Supplied information >>

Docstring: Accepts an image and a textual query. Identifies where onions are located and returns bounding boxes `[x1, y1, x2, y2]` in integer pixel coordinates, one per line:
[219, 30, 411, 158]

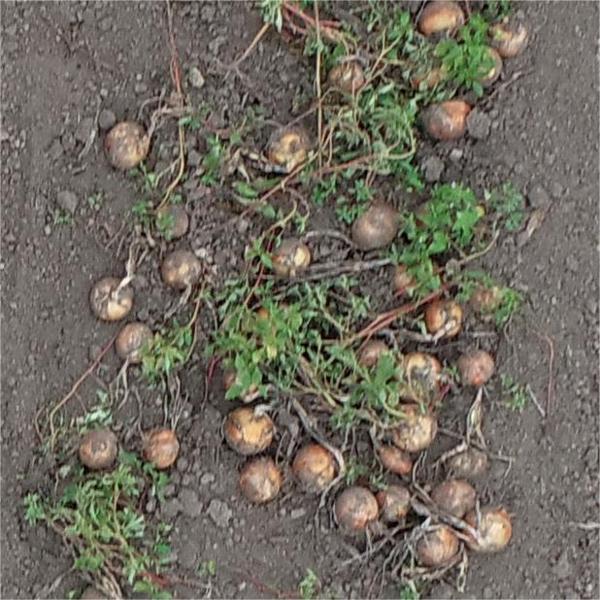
[447, 446, 486, 482]
[465, 280, 499, 315]
[271, 239, 310, 275]
[103, 120, 148, 168]
[89, 276, 132, 319]
[356, 341, 388, 370]
[238, 457, 283, 501]
[377, 485, 408, 518]
[403, 352, 437, 386]
[328, 58, 364, 93]
[422, 98, 470, 140]
[257, 303, 302, 330]
[159, 247, 201, 287]
[77, 427, 115, 467]
[266, 125, 307, 168]
[456, 349, 493, 385]
[226, 360, 260, 395]
[424, 301, 459, 336]
[415, 522, 460, 565]
[480, 47, 500, 84]
[391, 406, 434, 451]
[434, 478, 474, 519]
[331, 485, 378, 529]
[407, 65, 449, 90]
[155, 207, 188, 238]
[418, 1, 463, 35]
[349, 201, 397, 247]
[141, 426, 178, 466]
[291, 443, 337, 489]
[225, 406, 272, 451]
[394, 267, 425, 297]
[378, 443, 413, 477]
[491, 20, 527, 56]
[467, 511, 511, 550]
[112, 323, 149, 359]
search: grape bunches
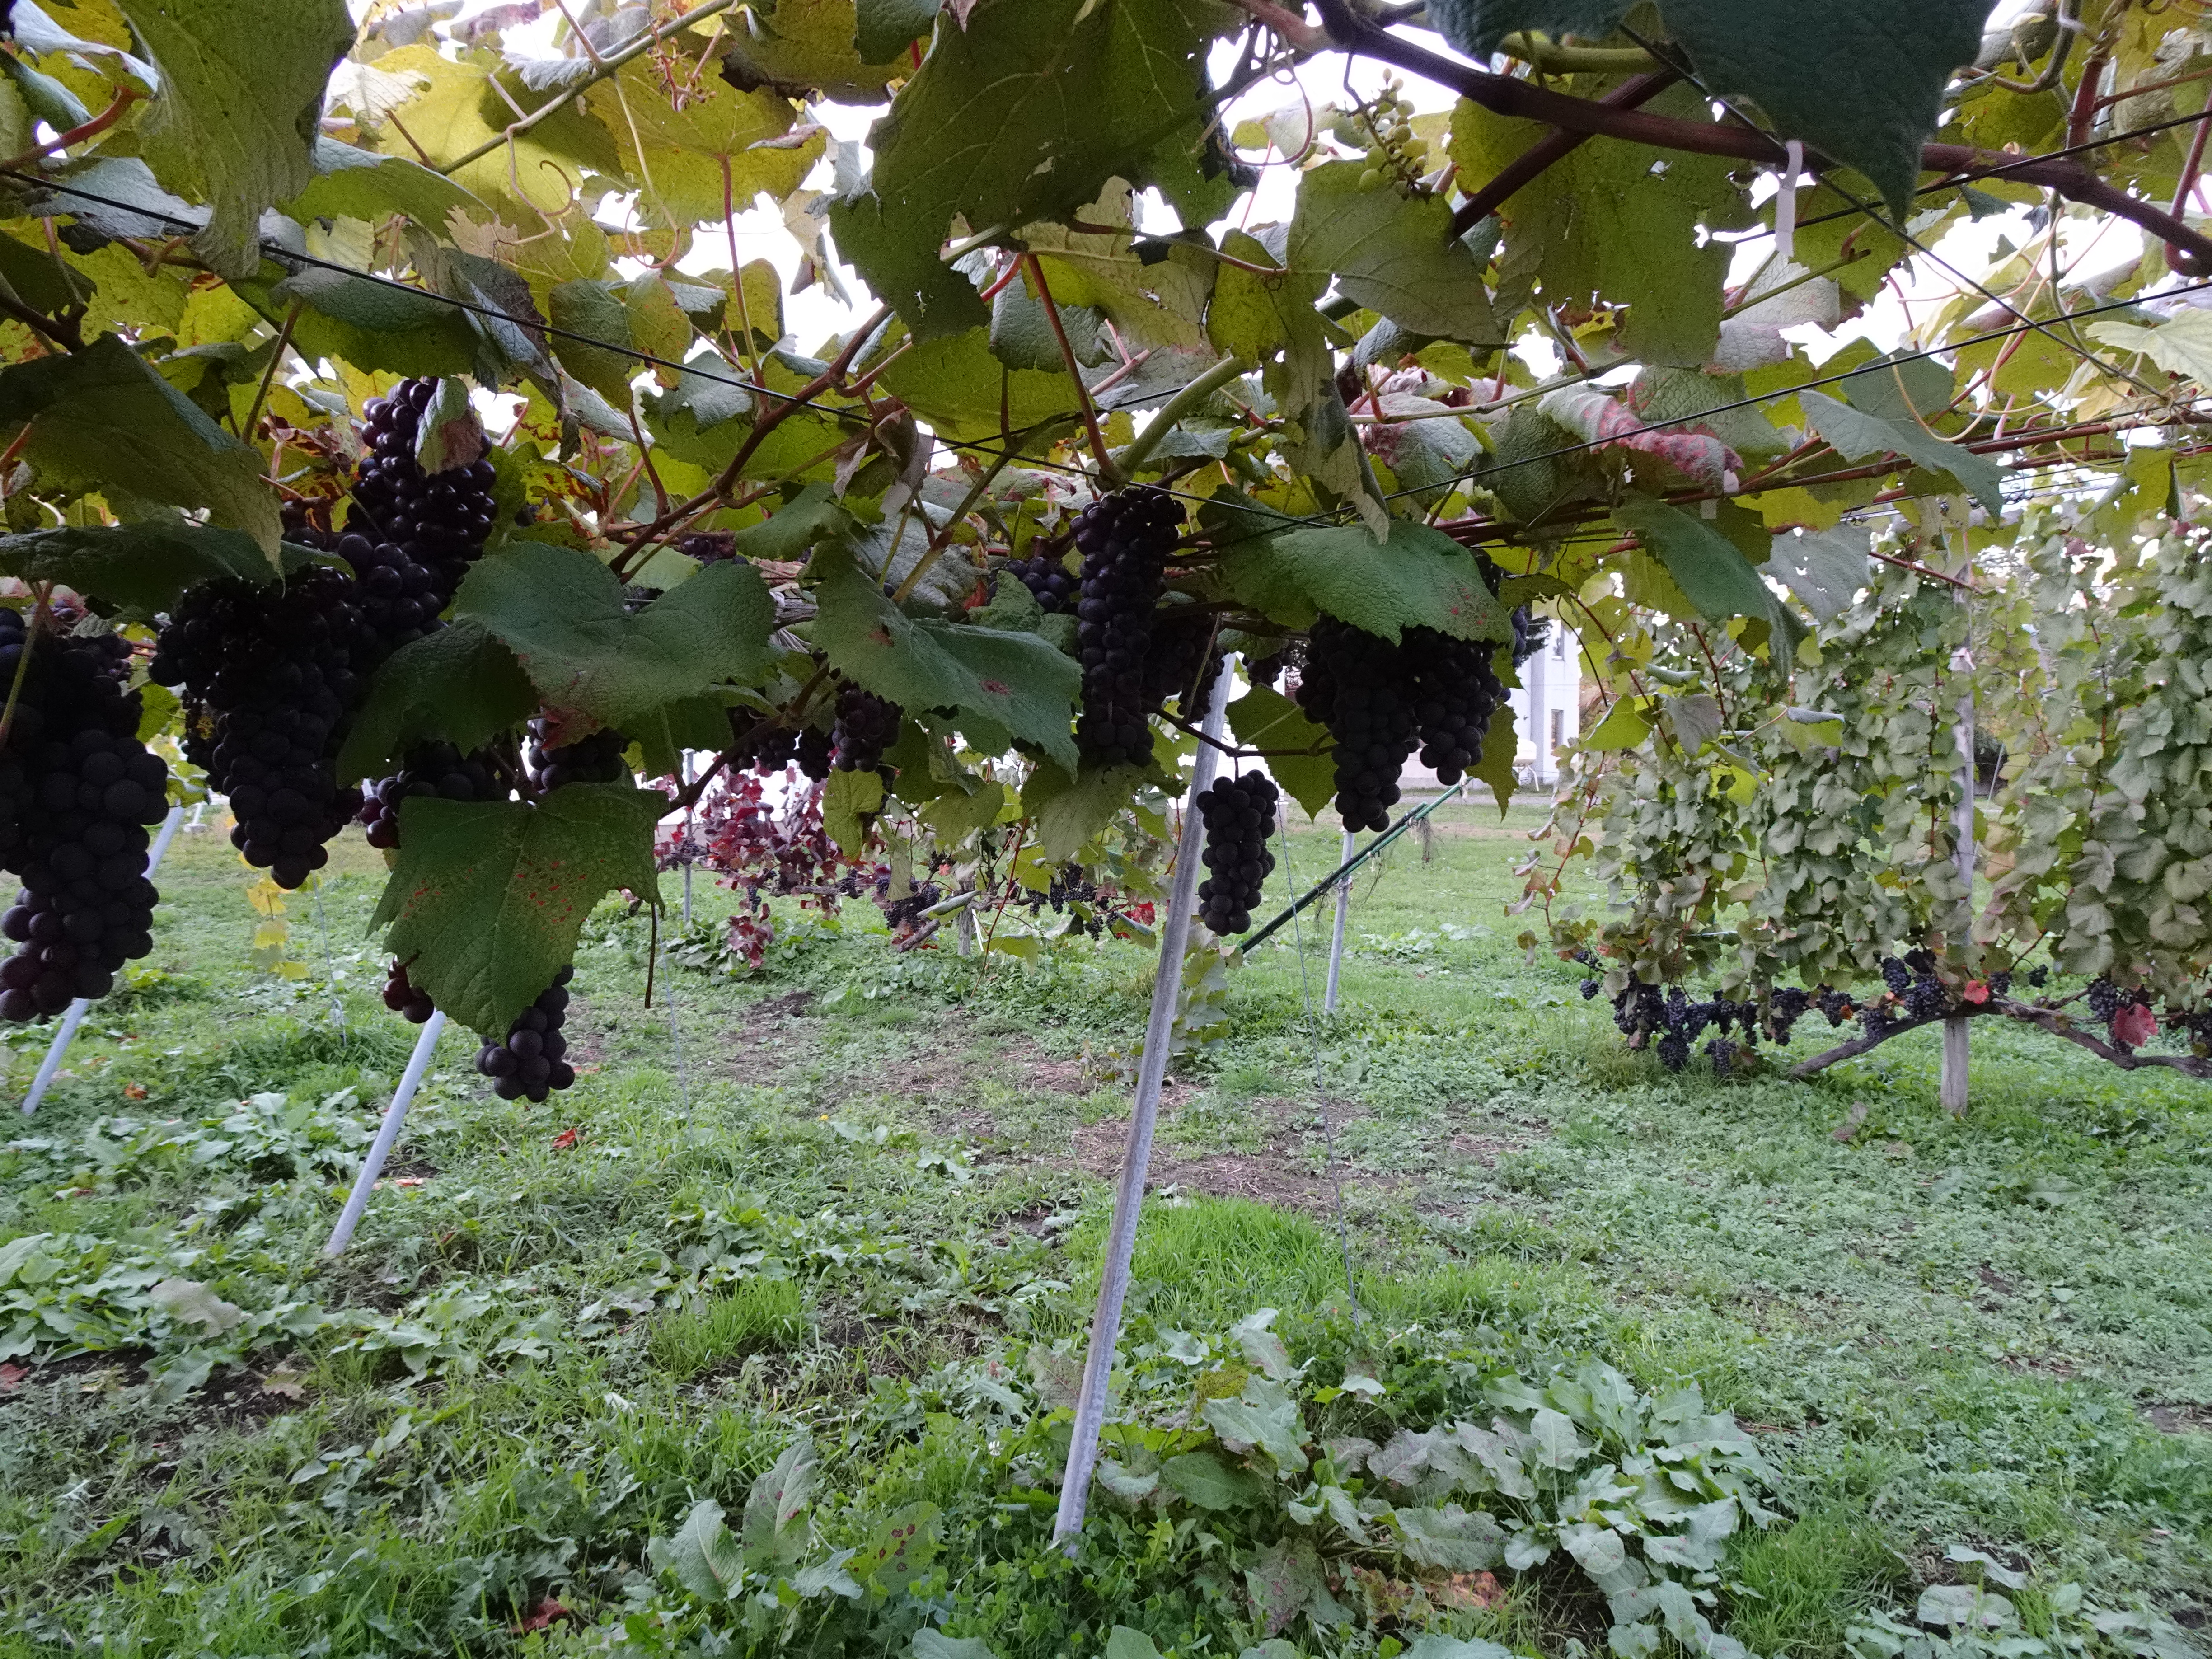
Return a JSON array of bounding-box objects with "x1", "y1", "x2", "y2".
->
[
  {"x1": 1481, "y1": 564, "x2": 1511, "y2": 598},
  {"x1": 395, "y1": 742, "x2": 511, "y2": 804},
  {"x1": 148, "y1": 562, "x2": 376, "y2": 890},
  {"x1": 1010, "y1": 736, "x2": 1051, "y2": 755},
  {"x1": 471, "y1": 969, "x2": 583, "y2": 1106},
  {"x1": 0, "y1": 606, "x2": 140, "y2": 747},
  {"x1": 1080, "y1": 556, "x2": 1154, "y2": 766},
  {"x1": 1510, "y1": 603, "x2": 1528, "y2": 667},
  {"x1": 0, "y1": 886, "x2": 114, "y2": 1023},
  {"x1": 276, "y1": 509, "x2": 445, "y2": 665},
  {"x1": 1142, "y1": 611, "x2": 1226, "y2": 713},
  {"x1": 1049, "y1": 861, "x2": 1094, "y2": 915},
  {"x1": 344, "y1": 375, "x2": 497, "y2": 594},
  {"x1": 922, "y1": 705, "x2": 959, "y2": 720},
  {"x1": 1414, "y1": 625, "x2": 1511, "y2": 785},
  {"x1": 1068, "y1": 483, "x2": 1189, "y2": 593},
  {"x1": 1240, "y1": 639, "x2": 1297, "y2": 688},
  {"x1": 1295, "y1": 615, "x2": 1355, "y2": 729},
  {"x1": 1356, "y1": 66, "x2": 1430, "y2": 211},
  {"x1": 831, "y1": 679, "x2": 905, "y2": 772},
  {"x1": 527, "y1": 716, "x2": 631, "y2": 796},
  {"x1": 1, "y1": 733, "x2": 167, "y2": 972},
  {"x1": 988, "y1": 556, "x2": 1072, "y2": 615},
  {"x1": 362, "y1": 777, "x2": 449, "y2": 1023},
  {"x1": 1196, "y1": 769, "x2": 1279, "y2": 936},
  {"x1": 1321, "y1": 618, "x2": 1419, "y2": 832}
]
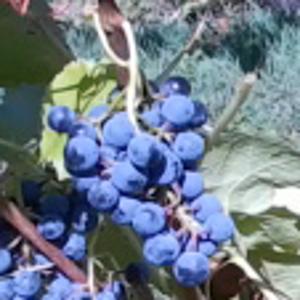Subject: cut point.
Masks as SVG:
<instances>
[{"instance_id":"1","label":"cut point","mask_w":300,"mask_h":300,"mask_svg":"<svg viewBox=\"0 0 300 300\" xmlns=\"http://www.w3.org/2000/svg\"><path fill=\"white\" fill-rule=\"evenodd\" d=\"M124 31L127 36V44L129 49V85L127 90L128 96V116L130 119L136 117L135 114V87H136V68H137V57H136V49L134 45V38L132 33V28L130 24L125 21L124 23Z\"/></svg>"}]
</instances>

Problem description >> Your output should be the records above, duplicated exactly and picture-free.

Your response >>
Docstring: Accepts an image and a textual query. Identifies where onions are located and returns bounding boxes `[x1, y1, x2, y2]` in integer pixel coordinates, one per line:
[219, 30, 411, 158]

[447, 446, 486, 482]
[465, 280, 499, 315]
[271, 239, 310, 275]
[103, 120, 148, 168]
[89, 276, 132, 319]
[356, 341, 388, 370]
[238, 457, 283, 501]
[377, 485, 408, 518]
[403, 352, 437, 386]
[328, 58, 364, 93]
[422, 98, 470, 140]
[257, 303, 302, 330]
[159, 247, 201, 287]
[77, 427, 115, 467]
[266, 125, 307, 168]
[456, 349, 493, 385]
[226, 360, 260, 395]
[424, 301, 459, 336]
[415, 522, 460, 565]
[480, 47, 500, 84]
[391, 406, 434, 451]
[434, 478, 474, 519]
[331, 485, 378, 529]
[407, 65, 449, 90]
[155, 207, 188, 238]
[418, 1, 463, 35]
[349, 201, 397, 247]
[141, 426, 178, 466]
[291, 443, 337, 489]
[225, 406, 272, 451]
[394, 267, 425, 297]
[378, 443, 413, 477]
[491, 20, 527, 56]
[467, 511, 511, 550]
[112, 323, 149, 359]
search: grape bunches
Return a JSON array of bounding-box objects with "x1", "y1", "x2", "y2".
->
[
  {"x1": 1481, "y1": 564, "x2": 1511, "y2": 598},
  {"x1": 395, "y1": 742, "x2": 511, "y2": 804},
  {"x1": 148, "y1": 562, "x2": 376, "y2": 890},
  {"x1": 1010, "y1": 736, "x2": 1051, "y2": 755},
  {"x1": 471, "y1": 969, "x2": 583, "y2": 1106},
  {"x1": 0, "y1": 606, "x2": 140, "y2": 747},
  {"x1": 1080, "y1": 556, "x2": 1154, "y2": 766},
  {"x1": 1510, "y1": 603, "x2": 1528, "y2": 667},
  {"x1": 0, "y1": 886, "x2": 114, "y2": 1023},
  {"x1": 276, "y1": 509, "x2": 445, "y2": 665},
  {"x1": 1142, "y1": 611, "x2": 1226, "y2": 713},
  {"x1": 1049, "y1": 861, "x2": 1094, "y2": 915},
  {"x1": 344, "y1": 375, "x2": 497, "y2": 594},
  {"x1": 922, "y1": 705, "x2": 959, "y2": 720},
  {"x1": 1414, "y1": 625, "x2": 1511, "y2": 785},
  {"x1": 1068, "y1": 483, "x2": 1189, "y2": 593},
  {"x1": 1240, "y1": 639, "x2": 1297, "y2": 688},
  {"x1": 1295, "y1": 615, "x2": 1355, "y2": 729},
  {"x1": 1356, "y1": 66, "x2": 1430, "y2": 211},
  {"x1": 831, "y1": 679, "x2": 905, "y2": 772},
  {"x1": 527, "y1": 716, "x2": 631, "y2": 796},
  {"x1": 1, "y1": 733, "x2": 167, "y2": 972},
  {"x1": 988, "y1": 556, "x2": 1072, "y2": 615},
  {"x1": 362, "y1": 777, "x2": 449, "y2": 1023},
  {"x1": 1196, "y1": 769, "x2": 1279, "y2": 936},
  {"x1": 1321, "y1": 618, "x2": 1419, "y2": 832}
]
Subject: cut point.
Masks as SVG:
<instances>
[{"instance_id":"1","label":"cut point","mask_w":300,"mask_h":300,"mask_svg":"<svg viewBox=\"0 0 300 300\" xmlns=\"http://www.w3.org/2000/svg\"><path fill=\"white\" fill-rule=\"evenodd\" d=\"M124 31L127 36V44L129 49V85L127 90L128 96V116L130 119L136 117L135 114V87H136V68H137V57H136V49L134 45V38L132 33V28L130 24L125 21L124 23Z\"/></svg>"}]
</instances>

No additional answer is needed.